=== Task goal ===
Copy out each line of the listing below where the string "placements" appears.

=== Recorded information ===
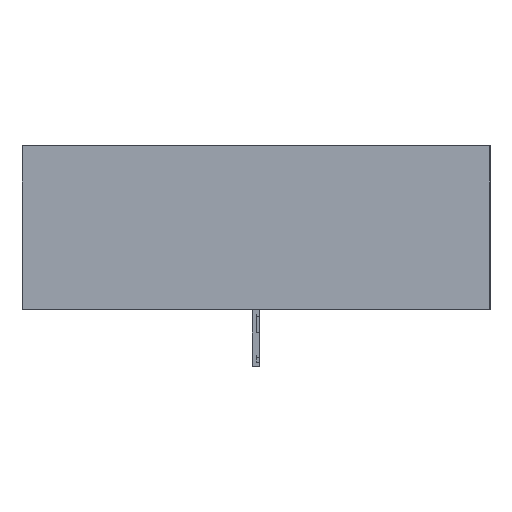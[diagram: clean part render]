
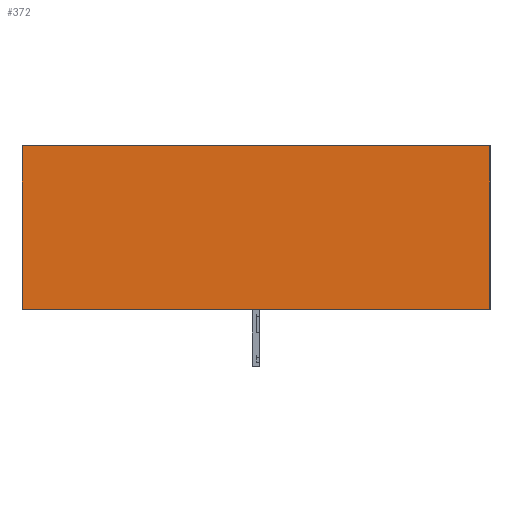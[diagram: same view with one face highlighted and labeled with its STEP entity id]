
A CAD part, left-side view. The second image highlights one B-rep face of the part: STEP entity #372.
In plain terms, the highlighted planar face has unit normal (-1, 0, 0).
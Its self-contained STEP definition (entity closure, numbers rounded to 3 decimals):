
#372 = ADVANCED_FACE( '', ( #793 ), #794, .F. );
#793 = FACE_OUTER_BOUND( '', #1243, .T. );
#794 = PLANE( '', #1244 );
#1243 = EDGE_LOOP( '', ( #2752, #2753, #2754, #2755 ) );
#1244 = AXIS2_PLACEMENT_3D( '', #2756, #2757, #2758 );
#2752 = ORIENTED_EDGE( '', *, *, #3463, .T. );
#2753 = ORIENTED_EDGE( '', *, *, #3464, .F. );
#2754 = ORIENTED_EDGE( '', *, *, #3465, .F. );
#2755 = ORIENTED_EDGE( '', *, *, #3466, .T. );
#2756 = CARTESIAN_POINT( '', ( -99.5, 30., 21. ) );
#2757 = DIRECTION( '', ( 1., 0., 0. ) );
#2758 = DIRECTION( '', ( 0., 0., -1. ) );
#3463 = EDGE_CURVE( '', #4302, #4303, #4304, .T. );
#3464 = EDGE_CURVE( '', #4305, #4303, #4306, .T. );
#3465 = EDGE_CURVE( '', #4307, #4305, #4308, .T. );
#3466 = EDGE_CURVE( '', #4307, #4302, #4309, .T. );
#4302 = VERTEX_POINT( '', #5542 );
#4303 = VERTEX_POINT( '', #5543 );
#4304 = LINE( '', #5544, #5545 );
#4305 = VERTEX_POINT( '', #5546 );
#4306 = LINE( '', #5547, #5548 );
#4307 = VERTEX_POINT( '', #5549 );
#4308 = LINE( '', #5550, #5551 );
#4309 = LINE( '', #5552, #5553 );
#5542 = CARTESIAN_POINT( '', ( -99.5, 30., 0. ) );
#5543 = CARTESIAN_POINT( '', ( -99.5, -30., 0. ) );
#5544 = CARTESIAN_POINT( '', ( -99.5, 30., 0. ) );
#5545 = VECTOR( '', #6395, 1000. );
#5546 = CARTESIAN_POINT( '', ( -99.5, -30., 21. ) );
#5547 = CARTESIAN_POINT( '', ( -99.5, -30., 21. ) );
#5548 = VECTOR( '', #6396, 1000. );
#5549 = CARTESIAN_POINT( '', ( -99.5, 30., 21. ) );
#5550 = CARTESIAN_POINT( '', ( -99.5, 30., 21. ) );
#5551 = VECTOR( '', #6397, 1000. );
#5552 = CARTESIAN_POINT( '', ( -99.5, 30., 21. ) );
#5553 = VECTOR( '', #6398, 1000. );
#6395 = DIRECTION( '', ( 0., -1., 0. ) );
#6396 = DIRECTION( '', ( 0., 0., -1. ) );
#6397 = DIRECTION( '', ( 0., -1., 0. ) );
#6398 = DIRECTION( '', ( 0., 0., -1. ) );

==

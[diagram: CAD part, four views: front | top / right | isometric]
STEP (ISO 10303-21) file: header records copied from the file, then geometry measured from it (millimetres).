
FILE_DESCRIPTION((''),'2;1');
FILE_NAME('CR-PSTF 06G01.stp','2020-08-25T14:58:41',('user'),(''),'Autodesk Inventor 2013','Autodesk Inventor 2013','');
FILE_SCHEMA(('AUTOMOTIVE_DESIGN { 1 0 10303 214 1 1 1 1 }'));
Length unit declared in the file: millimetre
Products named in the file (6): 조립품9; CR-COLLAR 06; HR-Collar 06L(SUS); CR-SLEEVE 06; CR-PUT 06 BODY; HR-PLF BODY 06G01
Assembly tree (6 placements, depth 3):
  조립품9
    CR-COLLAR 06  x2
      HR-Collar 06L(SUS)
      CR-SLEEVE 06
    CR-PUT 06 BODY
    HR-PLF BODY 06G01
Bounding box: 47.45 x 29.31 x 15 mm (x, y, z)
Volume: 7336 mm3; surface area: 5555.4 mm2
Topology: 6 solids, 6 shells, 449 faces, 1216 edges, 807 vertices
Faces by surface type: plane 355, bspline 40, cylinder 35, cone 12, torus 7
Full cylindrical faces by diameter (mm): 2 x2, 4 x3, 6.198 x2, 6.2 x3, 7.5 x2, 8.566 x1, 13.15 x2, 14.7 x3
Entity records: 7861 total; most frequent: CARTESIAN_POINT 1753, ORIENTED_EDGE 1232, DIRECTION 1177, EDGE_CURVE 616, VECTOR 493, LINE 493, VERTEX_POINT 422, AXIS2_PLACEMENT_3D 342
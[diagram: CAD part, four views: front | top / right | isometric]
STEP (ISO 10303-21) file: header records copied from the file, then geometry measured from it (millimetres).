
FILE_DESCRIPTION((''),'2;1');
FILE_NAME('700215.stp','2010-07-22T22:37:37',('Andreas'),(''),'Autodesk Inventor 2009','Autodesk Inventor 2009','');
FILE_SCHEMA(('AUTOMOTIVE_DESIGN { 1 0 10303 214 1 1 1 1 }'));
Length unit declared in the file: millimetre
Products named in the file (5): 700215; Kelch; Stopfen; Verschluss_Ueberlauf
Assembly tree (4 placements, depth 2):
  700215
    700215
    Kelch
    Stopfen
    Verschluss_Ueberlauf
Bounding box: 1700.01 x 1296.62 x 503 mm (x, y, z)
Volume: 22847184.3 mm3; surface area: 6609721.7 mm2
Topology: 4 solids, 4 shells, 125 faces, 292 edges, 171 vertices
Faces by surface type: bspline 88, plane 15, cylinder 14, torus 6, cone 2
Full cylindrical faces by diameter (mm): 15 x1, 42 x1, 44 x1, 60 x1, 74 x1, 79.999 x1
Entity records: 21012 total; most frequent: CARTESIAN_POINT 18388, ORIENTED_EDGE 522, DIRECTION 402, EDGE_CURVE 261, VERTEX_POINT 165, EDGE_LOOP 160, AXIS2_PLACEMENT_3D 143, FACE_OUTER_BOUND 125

=== Output for this task ===
Assembly tree (6 placements, depth 3):
Assembly tree (4 placements, depth 2):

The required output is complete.